§ **Data extracted from a collection**:
--
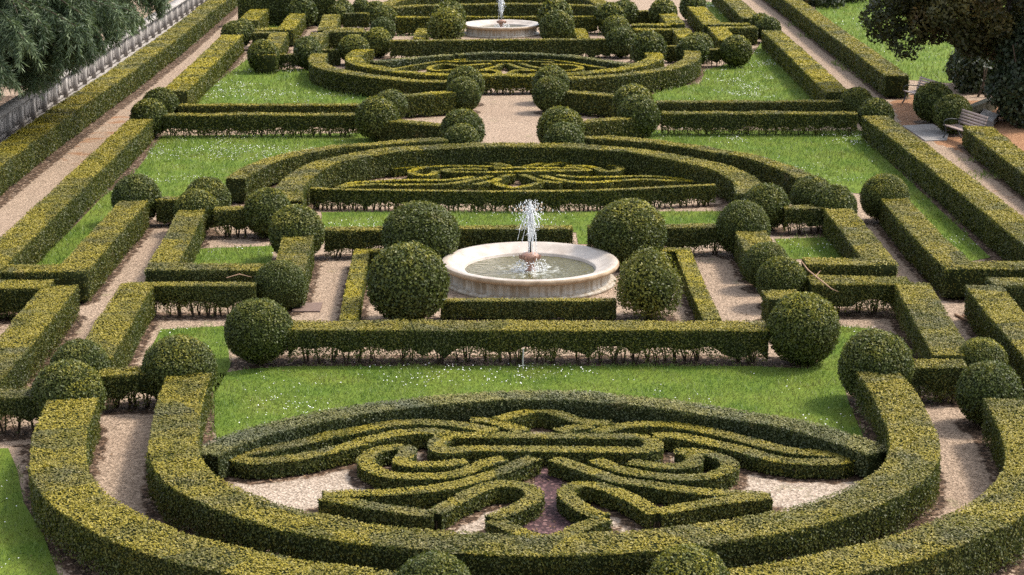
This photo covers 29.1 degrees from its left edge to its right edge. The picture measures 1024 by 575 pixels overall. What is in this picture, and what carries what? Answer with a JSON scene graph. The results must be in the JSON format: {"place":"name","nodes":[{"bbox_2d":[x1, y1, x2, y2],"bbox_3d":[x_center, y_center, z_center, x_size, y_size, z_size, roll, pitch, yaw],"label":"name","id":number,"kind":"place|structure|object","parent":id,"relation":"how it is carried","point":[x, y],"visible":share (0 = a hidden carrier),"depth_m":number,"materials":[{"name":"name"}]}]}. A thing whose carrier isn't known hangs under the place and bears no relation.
{"place":"outdoors","nodes":[
{"label":"outdoors","id":0,"kind":"place"},
{"bbox_2d":[0,448,57,574],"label":"lawn","id":1,"kind":"structure","parent":0,"point":[25,513],"depth_m":29.50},
{"bbox_2d":[134,133,382,196],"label":"lawn","id":2,"kind":"structure","parent":0,"point":[178,171],"depth_m":61.60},
{"bbox_2d":[162,111,358,137],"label":"box hedge","id":3,"kind":"object","parent":2,"relation":"on","point":[240,123],"visible":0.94,"depth_m":64.77,"materials":[{"name":"green plant"}]},
{"bbox_2d":[354,95,400,139],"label":"topiary ball","id":4,"kind":"object","parent":2,"relation":"on","point":[374,115],"visible":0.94,"depth_m":63.66,"materials":[{"name":"green plant"}]},
{"bbox_2d":[198,60,367,103],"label":"lawn","id":5,"kind":"structure","parent":0,"point":[267,84],"depth_m":75.73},
{"bbox_2d":[0,0,1023,574],"bbox_3d":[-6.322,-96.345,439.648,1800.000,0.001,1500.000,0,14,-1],"label":"gravel ground","id":6,"kind":"structure","parent":0,"point":[968,472],"depth_m":42.18,"materials":[{"name":"gravel"}]},
{"bbox_2d":[0,386,38,435],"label":"box hedge","id":7,"kind":"object","parent":6,"relation":"on","point":[16,402],"visible":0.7,"depth_m":33.96,"materials":[{"name":"green plant"}]},
{"bbox_2d":[0,279,80,415],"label":"box hedge","id":8,"kind":"object","parent":6,"relation":"on","point":[47,311],"visible":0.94,"depth_m":39.11,"materials":[{"name":"green plant"}]},
{"bbox_2d":[29,359,106,419],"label":"topiary ball","id":9,"kind":"object","parent":6,"relation":"on","point":[64,379],"visible":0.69,"depth_m":33.82,"materials":[{"name":"green plant"}]},
{"bbox_2d":[0,200,149,302],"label":"box hedge","id":10,"kind":"object","parent":6,"relation":"on","point":[89,265],"visible":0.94,"depth_m":45.14,"materials":[{"name":"green plant"}]},
{"bbox_2d":[0,118,153,277],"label":"box hedge","id":11,"kind":"object","parent":6,"relation":"on","point":[35,234],"visible":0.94,"depth_m":51.95,"materials":[{"name":"green plant"}]},
{"bbox_2d":[49,337,110,372],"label":"topiary ball","id":12,"kind":"object","parent":6,"relation":"on","point":[91,353],"visible":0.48,"depth_m":35.75,"materials":[{"name":"green plant"}]},
{"bbox_2d":[0,0,171,99],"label":"weeping conifer","id":13,"kind":"object","parent":6,"relation":"on","point":[43,43],"visible":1,"depth_m":59.78,"materials":[{"name":"green plant"}]},
{"bbox_2d":[0,0,206,142],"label":"stone balustrade","id":14,"kind":"object","parent":6,"relation":"on","point":[17,112],"visible":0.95,"depth_m":75.79,"materials":[{"name":"stone"}]},
{"bbox_2d":[0,0,237,195],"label":"box hedge","id":15,"kind":"object","parent":6,"relation":"on","point":[35,142],"visible":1,"depth_m":69.69,"materials":[{"name":"green plant"}]},
{"bbox_2d":[85,283,156,369],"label":"box hedge","id":16,"kind":"object","parent":6,"relation":"on","point":[119,328],"visible":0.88,"depth_m":39.22,"materials":[{"name":"green plant"}]},
{"bbox_2d":[98,365,157,410],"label":"box hedge","id":17,"kind":"object","parent":6,"relation":"on","point":[121,383],"visible":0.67,"depth_m":35.43,"materials":[{"name":"green plant"}]},
{"bbox_2d":[111,173,161,219],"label":"topiary ball","id":18,"kind":"object","parent":6,"relation":"on","point":[135,187],"visible":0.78,"depth_m":50.97,"materials":[{"name":"green plant"}]},
{"bbox_2d":[141,333,218,398],"bbox_3d":[-6.035,1.510,35.764,1.402,1.343,1.388,5,15,19],"label":"topiary ball","id":19,"kind":"object","parent":6,"relation":"on","point":[178,355],"visible":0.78,"depth_m":35.33,"materials":[{"name":"green plant"}]},
{"bbox_2d":[128,281,257,316],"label":"box hedge","id":20,"kind":"object","parent":6,"relation":"on","point":[220,295],"visible":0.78,"depth_m":41.92,"materials":[{"name":"green plant"}]},
{"bbox_2d":[173,187,219,231],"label":"topiary ball","id":21,"kind":"object","parent":6,"relation":"on","point":[195,199],"visible":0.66,"depth_m":49.91,"materials":[{"name":"green plant"}]},
{"bbox_2d":[144,208,264,282],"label":"box hedge","id":22,"kind":"object","parent":6,"relation":"on","point":[173,258],"visible":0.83,"depth_m":43.99,"materials":[{"name":"green plant"}]},
{"bbox_2d":[166,34,244,104],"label":"box hedge","id":23,"kind":"object","parent":6,"relation":"on","point":[208,68],"visible":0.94,"depth_m":76.81,"materials":[{"name":"green plant"}]},
{"bbox_2d":[223,297,294,365],"bbox_3d":[-4.933,0.851,38.389,1.409,1.371,1.404,5,15,20],"label":"topiary ball","id":24,"kind":"object","parent":6,"relation":"on","point":[256,331],"visible":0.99,"depth_m":37.95,"materials":[{"name":"green plant"}]},
{"bbox_2d":[243,187,290,237],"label":"topiary ball","id":25,"kind":"object","parent":6,"relation":"on","point":[262,205],"visible":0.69,"depth_m":49.40,"materials":[{"name":"green plant"}]},
{"bbox_2d":[178,102,359,113],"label":"box hedge","id":26,"kind":"object","parent":6,"relation":"on","point":[212,108],"visible":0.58,"depth_m":67.20,"materials":[{"name":"green plant"}]},
{"bbox_2d":[253,259,306,310],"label":"topiary ball","id":27,"kind":"object","parent":6,"relation":"on","point":[283,282],"visible":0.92,"depth_m":42.12,"materials":[{"name":"green plant"}]},
{"bbox_2d":[237,0,335,24],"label":"box hedge","id":28,"kind":"object","parent":6,"relation":"on","point":[277,11],"visible":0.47,"depth_m":97.81,"materials":[{"name":"green plant"}]},
{"bbox_2d":[276,235,314,306],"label":"box hedge","id":29,"kind":"object","parent":6,"relation":"on","point":[298,251],"visible":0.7,"depth_m":45.09,"materials":[{"name":"green plant"}]},
{"bbox_2d":[268,203,324,253],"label":"topiary ball","id":30,"kind":"object","parent":6,"relation":"on","point":[296,220],"visible":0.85,"depth_m":46.76,"materials":[{"name":"green plant"}]},
{"bbox_2d":[225,137,448,202],"bbox_3d":[-5.460,-3.566,57.789,2.269,0.803,8.984,11,18,39],"label":"box hedge","id":31,"kind":"object","parent":6,"relation":"on","point":[242,184],"visible":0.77,"depth_m":57.20,"materials":[{"name":"green plant"}]},
{"bbox_2d":[339,248,382,321],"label":"box hedge","id":32,"kind":"object","parent":6,"relation":"on","point":[354,292],"visible":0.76,"depth_m":43.40,"materials":[{"name":"green plant"}]},
{"bbox_2d":[229,418,499,479],"bbox_3d":[-2.551,2.666,33.184,4.747,0.352,1.411,-6,15,-23],"label":"knot hedge","id":33,"kind":"object","parent":6,"relation":"on","point":[325,451],"visible":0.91,"depth_m":32.84,"materials":[{"name":"green plant"}]},
{"bbox_2d":[308,53,446,96],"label":"box hedge","id":34,"kind":"object","parent":6,"relation":"on","point":[322,73],"visible":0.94,"depth_m":74.16,"materials":[{"name":"green plant"}]},
{"bbox_2d":[374,119,440,140],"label":"box hedge","id":35,"kind":"object","parent":6,"relation":"on","point":[399,129],"visible":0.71,"depth_m":63.31,"materials":[{"name":"green plant"}]},
{"bbox_2d":[365,240,450,320],"bbox_3d":[-2.198,-0.091,41.441,1.826,1.811,1.839,-5,15,-21],"label":"topiary ball","id":36,"kind":"object","parent":6,"relation":"on","point":[409,280],"visible":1,"depth_m":40.85,"materials":[{"name":"green plant"}]},
{"bbox_2d":[334,175,493,190],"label":"knot hedge","id":37,"kind":"object","parent":6,"relation":"on","point":[462,183],"visible":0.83,"depth_m":55.79,"materials":[{"name":"green plant"}]},
{"bbox_2d":[379,200,461,258],"bbox_3d":[-2.142,-1.197,46.085,1.939,1.718,1.996,-3,14,-10],"label":"topiary ball","id":38,"kind":"object","parent":6,"relation":"on","point":[434,227],"visible":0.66,"depth_m":45.46,"materials":[{"name":"green plant"}]},
{"bbox_2d":[403,90,456,117],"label":"box hedge","id":39,"kind":"object","parent":6,"relation":"on","point":[442,102],"visible":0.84,"depth_m":69.33,"materials":[{"name":"green plant"}]},
{"bbox_2d":[356,443,508,489],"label":"knot hedge","id":40,"kind":"object","parent":6,"relation":"on","point":[407,468],"visible":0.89,"depth_m":31.78,"materials":[{"name":"green plant"}]},
{"bbox_2d":[395,550,470,574],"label":"topiary ball","id":41,"kind":"object","parent":6,"relation":"on","point":[432,562],"visible":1,"depth_m":25.65,"materials":[{"name":"green plant"}]},
{"bbox_2d":[425,5,467,39],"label":"topiary ball","id":42,"kind":"object","parent":6,"relation":"on","point":[446,23],"visible":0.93,"depth_m":89.73,"materials":[{"name":"green plant"}]},
{"bbox_2d":[324,224,573,257],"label":"box hedge","id":43,"kind":"object","parent":6,"relation":"on","point":[341,238],"visible":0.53,"depth_m":47.54,"materials":[{"name":"green plant"}]},
{"bbox_2d":[392,2,598,16],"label":"box hedge","id":44,"kind":"object","parent":6,"relation":"on","point":[512,9],"visible":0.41,"depth_m":100.16,"materials":[{"name":"green plant"}]},
{"bbox_2d":[389,38,610,58],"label":"box hedge","id":45,"kind":"object","parent":6,"relation":"on","point":[591,47],"visible":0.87,"depth_m":85.21,"materials":[{"name":"green plant"}]},
{"bbox_2d":[0,0,999,574],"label":"grass","id":46,"kind":"structure","parent":6,"relation":"on","point":[336,378],"depth_m":49.52,"materials":[{"name":"plant"}]},
{"bbox_2d":[462,0,538,37],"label":"round fountain","id":47,"kind":"object","parent":6,"relation":"on","point":[501,28],"visible":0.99,"depth_m":93.64,"materials":[{"name":"stone"}]},
{"bbox_2d":[344,45,664,93],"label":"box hedge","id":48,"kind":"object","parent":6,"relation":"on","point":[357,60],"visible":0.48,"depth_m":75.85,"materials":[{"name":"green plant"}]},
{"bbox_2d":[309,183,715,211],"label":"box hedge","id":49,"kind":"object","parent":6,"relation":"on","point":[365,198],"visible":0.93,"depth_m":53.06,"materials":[{"name":"green plant"}]},
{"bbox_2d":[440,166,592,179],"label":"knot hedge","id":50,"kind":"object","parent":6,"relation":"on","point":[461,172],"visible":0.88,"depth_m":57.62,"materials":[{"name":"green plant"}]},
{"bbox_2d":[472,174,562,190],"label":"knot hedge","id":51,"kind":"object","parent":6,"relation":"on","point":[502,182],"visible":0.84,"depth_m":55.80,"materials":[{"name":"green plant"}]},
{"bbox_2d":[274,141,761,205],"bbox_3d":[0.177,-3.002,55.435,13.185,0.827,9.047,0,14,-1],"label":"box hedge","id":52,"kind":"object","parent":6,"relation":"on","point":[731,183],"visible":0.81,"depth_m":57.81,"materials":[{"name":"green plant"}]},
{"bbox_2d":[26,397,1023,574],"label":"box hedge","id":53,"kind":"object","parent":6,"relation":"on","point":[75,507],"visible":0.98,"depth_m":27.73,"materials":[{"name":"green plant"}]},
{"bbox_2d":[285,318,768,366],"bbox_3d":[0.300,1.091,38.625,9.433,0.829,0.881,0,14,0],"label":"box hedge","id":54,"kind":"object","parent":6,"relation":"on","point":[736,340],"visible":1,"depth_m":38.27,"materials":[{"name":"green plant"}]},
{"bbox_2d":[440,297,616,319],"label":"box hedge","id":55,"kind":"object","parent":6,"relation":"on","point":[534,308],"visible":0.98,"depth_m":41.80,"materials":[{"name":"green plant"}]},
{"bbox_2d":[441,199,618,298],"bbox_3d":[0.413,-1.071,45.067,4.096,1.960,4.096,0,14,-1],"label":"round fountain","id":56,"kind":"object","parent":6,"relation":"on","point":[529,268],"visible":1,"depth_m":44.96,"materials":[{"name":"stone"}]},
{"bbox_2d":[469,408,613,433],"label":"knot hedge","id":57,"kind":"object","parent":6,"relation":"on","point":[522,420],"visible":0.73,"depth_m":34.20,"materials":[{"name":"green plant"}]},
{"bbox_2d":[144,371,941,574],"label":"box hedge","id":58,"kind":"object","parent":6,"relation":"on","point":[184,484],"visible":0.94,"depth_m":28.24,"materials":[{"name":"green plant"}]},
{"bbox_2d":[201,389,886,478],"bbox_3d":[0.460,2.486,33.484,11.489,0.558,3.779,0,14,-1],"label":"box hedge","id":59,"kind":"object","parent":6,"relation":"on","point":[867,456],"visible":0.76,"depth_m":33.88,"materials":[{"name":"green plant"}]},
{"bbox_2d":[454,51,633,68],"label":"box hedge","id":60,"kind":"object","parent":6,"relation":"on","point":[522,56],"visible":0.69,"depth_m":83.39,"materials":[{"name":"green plant"}]},
{"bbox_2d":[426,431,663,466],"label":"knot hedge","id":61,"kind":"object","parent":6,"relation":"on","point":[622,449],"visible":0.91,"depth_m":32.71,"materials":[{"name":"green plant"}]},
{"bbox_2d":[317,455,773,537],"bbox_3d":[0.495,3.334,30.438,6.393,0.358,3.606,-7,15,-27],"label":"knot hedge","id":62,"kind":"object","parent":6,"relation":"on","point":[449,503],"visible":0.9,"depth_m":30.29,"materials":[{"name":"green plant"}]},
{"bbox_2d":[523,468,574,534],"bbox_3d":[0.583,3.371,30.864,1.000,0.001,3.311,0,14,-1],"label":"red mulch bed","id":63,"kind":"object","parent":6,"relation":"on","point":[550,513],"visible":0.57,"depth_m":30.43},
{"bbox_2d":[531,75,568,112],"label":"topiary ball","id":64,"kind":"object","parent":6,"relation":"on","point":[549,91],"visible":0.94,"depth_m":69.73,"materials":[{"name":"green plant"}]},
{"bbox_2d":[563,90,614,116],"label":"box hedge","id":65,"kind":"object","parent":6,"relation":"on","point":[590,103],"visible":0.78,"depth_m":69.37,"materials":[{"name":"green plant"}]},
{"bbox_2d":[539,174,695,189],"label":"knot hedge","id":66,"kind":"object","parent":6,"relation":"on","point":[574,182],"visible":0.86,"depth_m":56.18,"materials":[{"name":"green plant"}]},
{"bbox_2d":[589,198,668,266],"bbox_3d":[2.769,-1.300,46.686,1.879,1.687,1.854,-3,14,-11],"label":"topiary ball","id":67,"kind":"object","parent":6,"relation":"on","point":[621,230],"visible":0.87,"depth_m":46.08,"materials":[{"name":"green plant"}]},
{"bbox_2d":[568,50,701,93],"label":"box hedge","id":68,"kind":"object","parent":6,"relation":"on","point":[687,68],"visible":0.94,"depth_m":74.97,"materials":[{"name":"green plant"}]},
{"bbox_2d":[617,94,660,133],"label":"topiary ball","id":69,"kind":"object","parent":6,"relation":"on","point":[643,111],"visible":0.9,"depth_m":64.32,"materials":[{"name":"green plant"}]},
{"bbox_2d":[613,243,683,320],"bbox_3d":[2.873,-0.040,41.743,1.548,1.725,1.620,12,18,40],"label":"topiary ball","id":70,"kind":"object","parent":6,"relation":"on","point":[647,284],"visible":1,"depth_m":41.40,"materials":[{"name":"green plant"}]},
{"bbox_2d":[587,223,723,253],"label":"box hedge","id":71,"kind":"object","parent":6,"relation":"on","point":[694,235],"visible":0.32,"depth_m":47.73,"materials":[{"name":"green plant"}]},
{"bbox_2d":[588,447,739,489],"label":"knot hedge","id":72,"kind":"object","parent":6,"relation":"on","point":[688,467],"visible":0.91,"depth_m":31.67,"materials":[{"name":"green plant"}]},
{"bbox_2d":[648,542,729,574],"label":"topiary ball","id":73,"kind":"object","parent":6,"relation":"on","point":[686,559],"visible":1,"depth_m":25.71,"materials":[{"name":"green plant"}]},
{"bbox_2d":[659,247,721,321],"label":"box hedge","id":74,"kind":"object","parent":6,"relation":"on","point":[701,304],"visible":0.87,"depth_m":43.44,"materials":[{"name":"green plant"}]},
{"bbox_2d":[584,135,812,196],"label":"box hedge","id":75,"kind":"object","parent":6,"relation":"on","point":[762,169],"visible":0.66,"depth_m":57.77,"materials":[{"name":"green plant"}]},
{"bbox_2d":[589,420,856,479],"bbox_3d":[3.563,2.705,33.055,4.567,0.333,1.245,7,15,26],"label":"knot hedge","id":76,"kind":"object","parent":6,"relation":"on","point":[755,454],"visible":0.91,"depth_m":32.64,"materials":[{"name":"green plant"}]},
{"bbox_2d":[715,199,770,254],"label":"topiary ball","id":77,"kind":"object","parent":6,"relation":"on","point":[740,216],"visible":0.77,"depth_m":47.30,"materials":[{"name":"green plant"}]},
{"bbox_2d":[656,99,844,119],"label":"box hedge","id":78,"kind":"object","parent":6,"relation":"on","point":[744,105],"visible":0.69,"depth_m":67.92,"materials":[{"name":"green plant"}]},
{"bbox_2d":[741,241,787,286],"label":"topiary ball","id":79,"kind":"object","parent":6,"relation":"on","point":[756,256],"visible":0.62,"depth_m":44.12,"materials":[{"name":"green plant"}]},
{"bbox_2d":[742,182,790,228],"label":"topiary ball","id":80,"kind":"object","parent":6,"relation":"on","point":[772,199],"visible":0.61,"depth_m":50.25,"materials":[{"name":"green plant"}]},
{"bbox_2d":[755,255,806,298],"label":"topiary ball","id":81,"kind":"object","parent":6,"relation":"on","point":[778,272],"visible":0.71,"depth_m":42.46,"materials":[{"name":"green plant"}]},
{"bbox_2d":[766,291,841,366],"bbox_3d":[5.686,0.821,38.398,1.503,1.516,1.454,-7,15,-27],"label":"topiary ball","id":82,"kind":"object","parent":6,"relation":"on","point":[803,328],"visible":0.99,"depth_m":37.93,"materials":[{"name":"green plant"}]},
{"bbox_2d":[761,30,846,100],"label":"box hedge","id":83,"kind":"object","parent":6,"relation":"on","point":[814,79],"visible":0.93,"depth_m":77.42,"materials":[{"name":"green plant"}]},
{"bbox_2d":[781,204,826,234],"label":"box hedge","id":84,"kind":"object","parent":6,"relation":"on","point":[808,216],"visible":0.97,"depth_m":50.10,"materials":[{"name":"green plant"}]},
{"bbox_2d":[810,184,857,228],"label":"topiary ball","id":85,"kind":"object","parent":6,"relation":"on","point":[833,196],"visible":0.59,"depth_m":50.17,"materials":[{"name":"green plant"}]},
{"bbox_2d":[765,0,909,97],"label":"box hedge","id":86,"kind":"object","parent":6,"relation":"on","point":[881,74],"visible":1,"depth_m":83.34,"materials":[{"name":"green plant"}]},
{"bbox_2d":[801,208,898,277],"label":"box hedge","id":87,"kind":"object","parent":6,"relation":"on","point":[849,234],"visible":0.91,"depth_m":45.22,"materials":[{"name":"green plant"}]},
{"bbox_2d":[837,327,915,397],"bbox_3d":[6.618,1.448,35.851,1.432,1.424,1.425,-4,14,-17],"label":"topiary ball","id":88,"kind":"object","parent":6,"relation":"on","point":[879,351],"visible":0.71,"depth_m":35.44,"materials":[{"name":"green plant"}]},
{"bbox_2d":[859,173,910,221],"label":"topiary ball","id":89,"kind":"object","parent":6,"relation":"on","point":[876,189],"visible":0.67,"depth_m":51.18,"materials":[{"name":"green plant"}]},
{"bbox_2d":[806,273,966,362],"bbox_3d":[7.672,0.846,39.606,2.583,0.838,6.491,0,14,-1],"label":"box hedge","id":90,"kind":"object","parent":6,"relation":"on","point":[931,328],"visible":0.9,"depth_m":41.06,"materials":[{"name":"green plant"}]},
{"bbox_2d":[909,358,966,404],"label":"box hedge","id":91,"kind":"object","parent":6,"relation":"on","point":[941,377],"visible":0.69,"depth_m":35.84,"materials":[{"name":"green plant"}]},
{"bbox_2d":[858,0,1023,63],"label":"dark tree","id":92,"kind":"object","parent":6,"relation":"on","point":[970,28],"visible":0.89,"depth_m":68.68,"materials":[{"name":"green plant"}]},
{"bbox_2d":[860,115,1023,262],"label":"box hedge","id":93,"kind":"object","parent":6,"relation":"on","point":[993,221],"visible":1,"depth_m":53.29,"materials":[{"name":"green plant"}]},
{"bbox_2d":[879,197,1023,299],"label":"box hedge","id":94,"kind":"object","parent":6,"relation":"on","point":[943,265],"visible":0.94,"depth_m":45.20,"materials":[{"name":"green plant"}]},
{"bbox_2d":[932,93,972,133],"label":"topiary ball","id":95,"kind":"object","parent":6,"relation":"on","point":[952,105],"visible":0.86,"depth_m":65.15,"materials":[{"name":"green plant"}]},
{"bbox_2d":[943,49,1004,97],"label":"ivy bank","id":96,"kind":"structure","parent":6,"relation":"on","point":[965,75],"depth_m":74.85,"materials":[{"name":"green plant"}]},
{"bbox_2d":[957,337,1008,366],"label":"topiary ball","id":97,"kind":"object","parent":6,"relation":"on","point":[977,349],"visible":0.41,"depth_m":36.43,"materials":[{"name":"green plant"}]},
{"bbox_2d":[954,359,1023,426],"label":"topiary ball","id":98,"kind":"object","parent":6,"relation":"on","point":[976,382],"visible":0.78,"depth_m":34.20,"materials":[{"name":"green plant"}]},
{"bbox_2d":[962,125,1023,196],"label":"box hedge","id":99,"kind":"object","parent":6,"relation":"on","point":[997,152],"visible":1,"depth_m":58.98,"materials":[{"name":"green plant"}]},
{"bbox_2d":[964,276,1023,392],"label":"box hedge","id":100,"kind":"object","parent":6,"relation":"on","point":[994,309],"visible":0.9,"depth_m":39.97,"materials":[{"name":"green plant"}]},
{"bbox_2d":[981,11,1023,128],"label":"ivy mound","id":101,"kind":"object","parent":6,"relation":"on","point":[1007,92],"visible":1,"depth_m":66.91,"materials":[{"name":"green plant"}]},
{"bbox_2d":[322,211,719,243],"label":"lawn","id":102,"kind":"structure","parent":0,"point":[589,215],"depth_m":52.17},
{"bbox_2d":[214,326,866,437],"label":"lawn","id":103,"kind":"structure","parent":0,"point":[567,383],"depth_m":37.04,"materials":[{"name":"plant"}]},
{"bbox_2d":[652,43,810,101],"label":"lawn","id":104,"kind":"structure","parent":0,"point":[787,81],"depth_m":76.81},
{"bbox_2d":[636,130,988,260],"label":"lawn","id":105,"kind":"structure","parent":0,"point":[951,230],"depth_m":60.90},
{"bbox_2d":[583,117,650,137],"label":"box hedge","id":106,"kind":"object","parent":105,"relation":"on","point":[617,126],"visible":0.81,"depth_m":63.86,"materials":[{"name":"green plant"}]},
{"bbox_2d":[660,110,857,135],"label":"box hedge","id":107,"kind":"object","parent":105,"relation":"on","point":[720,121],"visible":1,"depth_m":65.13,"materials":[{"name":"green plant"}]},
{"bbox_2d":[815,0,1003,82],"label":"lawn","id":108,"kind":"structure","parent":0,"point":[915,77],"depth_m":88.17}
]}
--
§ **REQUIRED ACTION**: Copy whichever lines of the records above contain the word "stone".

§ **PROBLEM SOLUTION**:
{"bbox_2d":[0,0,206,142],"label":"stone balustrade","id":14,"kind":"object","parent":6,"relation":"on","point":[17,112],"visible":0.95,"depth_m":75.79,"materials":[{"name":"stone"}]},
{"bbox_2d":[462,0,538,37],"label":"round fountain","id":47,"kind":"object","parent":6,"relation":"on","point":[501,28],"visible":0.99,"depth_m":93.64,"materials":[{"name":"stone"}]},
{"bbox_2d":[441,199,618,298],"bbox_3d":[0.413,-1.071,45.067,4.096,1.960,4.096,0,14,-1],"label":"round fountain","id":56,"kind":"object","parent":6,"relation":"on","point":[529,268],"visible":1,"depth_m":44.96,"materials":[{"name":"stone"}]},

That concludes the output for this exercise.